- Classification: Division I
- Season: 1973–74
- Teams: 7
- Site: Greensboro Coliseum Greensboro, North Carolina
- Champions: NC State (8th title)
- Winning coach: Norm Sloan (3rd title)
- MVP: Tommy Burleson (NC State)

= 1974 ACC men's basketball tournament =

The 1974 Atlantic Coast Conference men's basketball tournament was held in Greensboro, North Carolina, at the Greensboro Coliseum from March 7–9. NC State defeated Maryland in overtime, 103–100, to win the championship. Tommy Burleson of NC State was named the tournament MVP.

The final has been described by the players involved as the most exciting ACC game they ever played. The game was instrumental in forcing the expansion of the NCAA Division I men's basketball tournament to 32 teams, thus allowing more than one bid from a conference. Bill Free of the Baltimore Sun newspaper regards this seasons Maryland team as the greatest team that did not participate in the NCAA tournament, citing their 6 NBA draft picks.

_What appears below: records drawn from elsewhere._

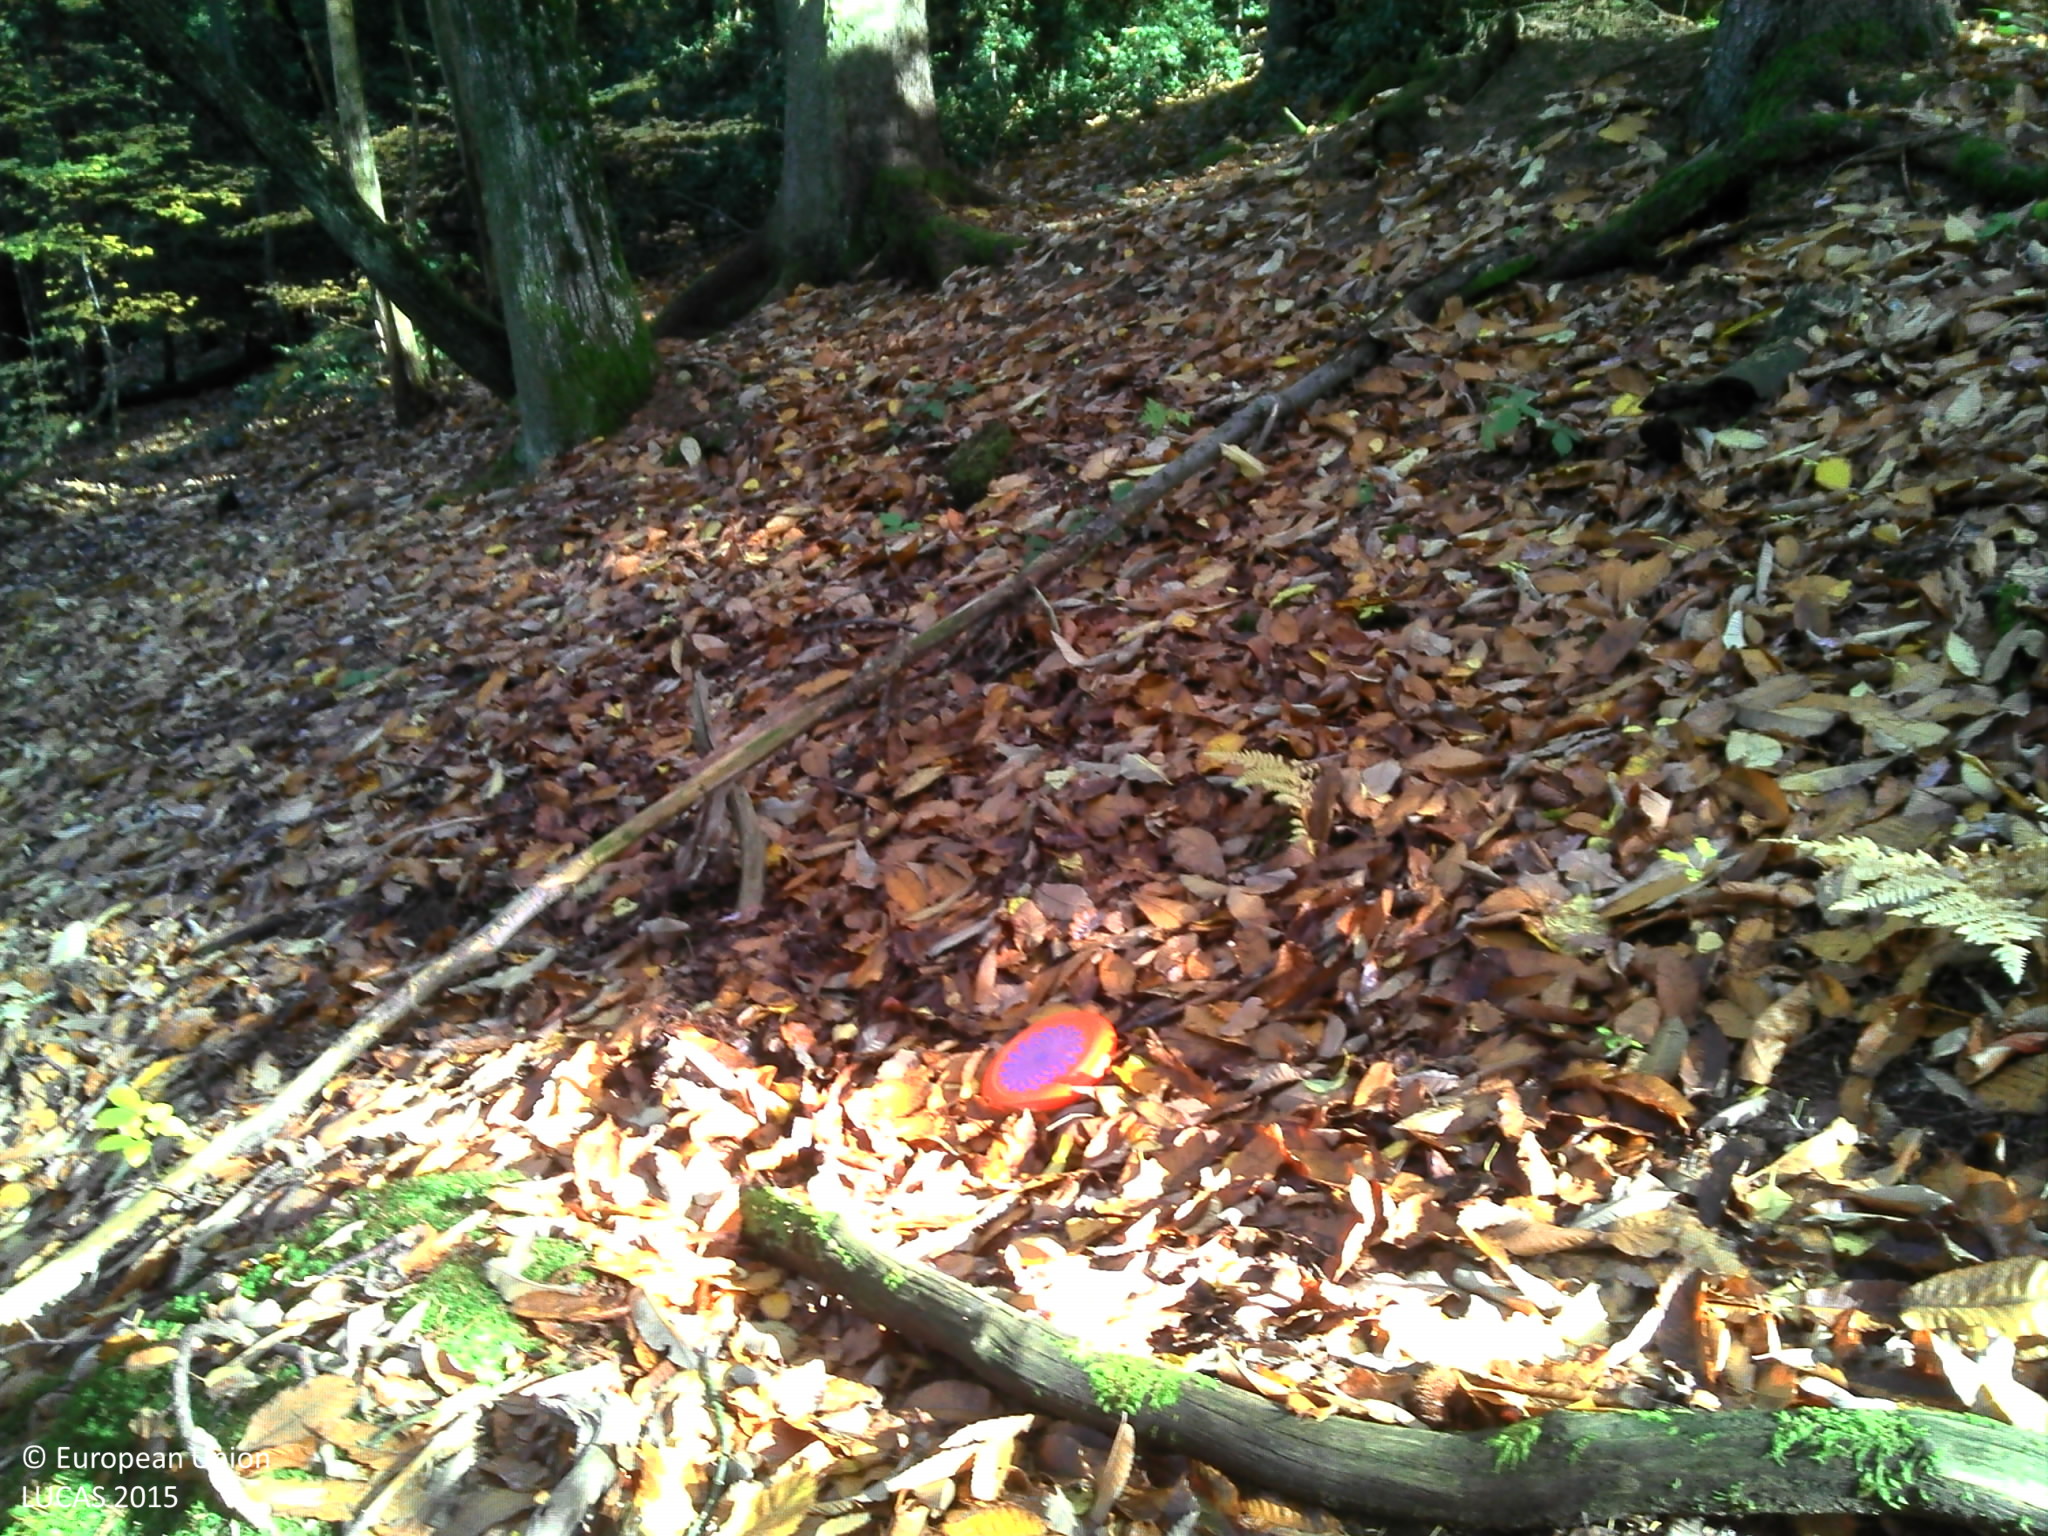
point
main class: Woodland
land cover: Spruce dominated mixed woodland
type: hemiboreal forest and nemoral coniferous forest and mixed broadleaved-coniferous forest
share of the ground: > 75 %
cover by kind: coniferous forest trees 45 %, broadleaved forest trees 45 %, unconsolidated bare surface 10 %
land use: Forestry
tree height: > 5 m
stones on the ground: < 10 %
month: October
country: FR
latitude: 45.4705
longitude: 6.1547

Many considered it the all-time greatest college basketball game until Duke pulled off a last-second overtime finish in the 1992 NCAA Division I East Regional final for a 104–103 win over Kentucky. "I know they call the Duke–Kentucky game the greatest now," said Burleson in 1999 at a 25-year commemoration of the 1974 game, "but we're still the greatest ACC game ever."

NC State won the 1974 NCAA tournament, dethroning Bill Walton and seven-time defending national champion UCLA in the semifinals in another classic, before defeating Marquette in the final.